Problem requirements: Look through the entries below and report every line that has "much".

Provided records:

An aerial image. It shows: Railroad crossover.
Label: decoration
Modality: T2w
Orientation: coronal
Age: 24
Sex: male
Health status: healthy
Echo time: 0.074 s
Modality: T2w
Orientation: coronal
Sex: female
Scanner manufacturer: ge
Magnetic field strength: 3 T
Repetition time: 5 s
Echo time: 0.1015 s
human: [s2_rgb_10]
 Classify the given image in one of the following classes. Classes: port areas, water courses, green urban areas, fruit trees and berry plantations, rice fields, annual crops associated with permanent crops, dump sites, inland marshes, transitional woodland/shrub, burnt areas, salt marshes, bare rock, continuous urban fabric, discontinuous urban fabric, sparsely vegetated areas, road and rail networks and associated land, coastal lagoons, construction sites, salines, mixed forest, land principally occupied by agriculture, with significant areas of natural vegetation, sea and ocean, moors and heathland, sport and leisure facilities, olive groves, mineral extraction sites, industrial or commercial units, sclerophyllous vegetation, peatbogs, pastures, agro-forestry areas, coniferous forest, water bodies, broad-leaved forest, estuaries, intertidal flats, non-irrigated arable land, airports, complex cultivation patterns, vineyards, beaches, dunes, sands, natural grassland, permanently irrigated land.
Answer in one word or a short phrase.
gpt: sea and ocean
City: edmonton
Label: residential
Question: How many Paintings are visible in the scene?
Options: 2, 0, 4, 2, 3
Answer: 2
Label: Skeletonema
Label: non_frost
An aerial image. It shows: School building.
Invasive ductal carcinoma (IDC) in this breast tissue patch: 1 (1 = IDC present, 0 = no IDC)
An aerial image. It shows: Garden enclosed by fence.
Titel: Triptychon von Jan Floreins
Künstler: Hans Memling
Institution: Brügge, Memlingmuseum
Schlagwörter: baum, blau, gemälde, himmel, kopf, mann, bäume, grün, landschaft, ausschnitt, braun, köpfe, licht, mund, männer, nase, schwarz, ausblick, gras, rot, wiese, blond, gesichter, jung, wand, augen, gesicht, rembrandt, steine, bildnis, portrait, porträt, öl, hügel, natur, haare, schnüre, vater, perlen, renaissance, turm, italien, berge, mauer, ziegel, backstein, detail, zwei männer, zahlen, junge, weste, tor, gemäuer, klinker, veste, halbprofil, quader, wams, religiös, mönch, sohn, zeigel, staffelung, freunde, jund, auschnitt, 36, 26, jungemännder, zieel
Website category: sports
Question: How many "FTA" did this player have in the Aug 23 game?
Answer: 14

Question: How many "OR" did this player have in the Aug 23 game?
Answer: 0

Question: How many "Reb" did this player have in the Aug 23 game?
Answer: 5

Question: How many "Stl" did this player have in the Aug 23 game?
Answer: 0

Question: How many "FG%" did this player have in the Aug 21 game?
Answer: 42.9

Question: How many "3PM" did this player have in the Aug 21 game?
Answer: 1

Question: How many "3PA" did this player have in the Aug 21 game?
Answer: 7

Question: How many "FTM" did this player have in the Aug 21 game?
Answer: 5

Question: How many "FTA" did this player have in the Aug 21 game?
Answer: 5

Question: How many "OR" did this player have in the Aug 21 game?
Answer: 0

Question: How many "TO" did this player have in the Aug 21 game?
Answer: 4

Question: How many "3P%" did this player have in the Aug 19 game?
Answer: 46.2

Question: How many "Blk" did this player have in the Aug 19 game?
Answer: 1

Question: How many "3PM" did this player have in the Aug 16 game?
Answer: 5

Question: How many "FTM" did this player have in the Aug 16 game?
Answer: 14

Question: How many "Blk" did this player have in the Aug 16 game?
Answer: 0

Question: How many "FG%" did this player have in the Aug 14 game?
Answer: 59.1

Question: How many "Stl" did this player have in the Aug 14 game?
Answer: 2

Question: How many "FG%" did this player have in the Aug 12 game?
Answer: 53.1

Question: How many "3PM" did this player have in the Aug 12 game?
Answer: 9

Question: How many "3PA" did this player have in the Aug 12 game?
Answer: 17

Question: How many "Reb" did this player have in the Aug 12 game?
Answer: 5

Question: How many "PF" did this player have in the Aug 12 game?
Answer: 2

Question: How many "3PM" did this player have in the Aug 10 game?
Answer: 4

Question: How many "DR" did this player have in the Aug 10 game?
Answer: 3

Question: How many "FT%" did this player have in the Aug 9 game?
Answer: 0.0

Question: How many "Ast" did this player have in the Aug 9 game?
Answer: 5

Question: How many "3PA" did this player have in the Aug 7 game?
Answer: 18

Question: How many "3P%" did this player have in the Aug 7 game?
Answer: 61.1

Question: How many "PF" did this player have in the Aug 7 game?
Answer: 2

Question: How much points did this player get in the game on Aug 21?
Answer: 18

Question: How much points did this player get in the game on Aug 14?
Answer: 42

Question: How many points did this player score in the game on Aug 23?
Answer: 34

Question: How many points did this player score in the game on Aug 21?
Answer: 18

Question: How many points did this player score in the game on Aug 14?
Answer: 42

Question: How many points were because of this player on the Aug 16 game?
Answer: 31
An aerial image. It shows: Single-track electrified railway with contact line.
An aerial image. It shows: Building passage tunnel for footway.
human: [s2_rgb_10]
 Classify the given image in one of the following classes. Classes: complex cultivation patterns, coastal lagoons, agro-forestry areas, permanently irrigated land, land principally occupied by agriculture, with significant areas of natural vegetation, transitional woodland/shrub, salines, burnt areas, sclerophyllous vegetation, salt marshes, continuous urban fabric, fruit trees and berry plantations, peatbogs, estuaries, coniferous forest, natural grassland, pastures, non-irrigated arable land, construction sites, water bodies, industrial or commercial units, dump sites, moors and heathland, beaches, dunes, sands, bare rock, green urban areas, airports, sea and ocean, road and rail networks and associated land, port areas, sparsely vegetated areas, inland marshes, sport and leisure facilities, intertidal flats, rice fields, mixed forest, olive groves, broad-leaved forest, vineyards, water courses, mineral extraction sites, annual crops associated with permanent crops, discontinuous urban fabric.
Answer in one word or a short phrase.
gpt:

Written solution:
Question: How much points did this player get in the game on Aug 21?
Question: How much points did this player get in the game on Aug 14?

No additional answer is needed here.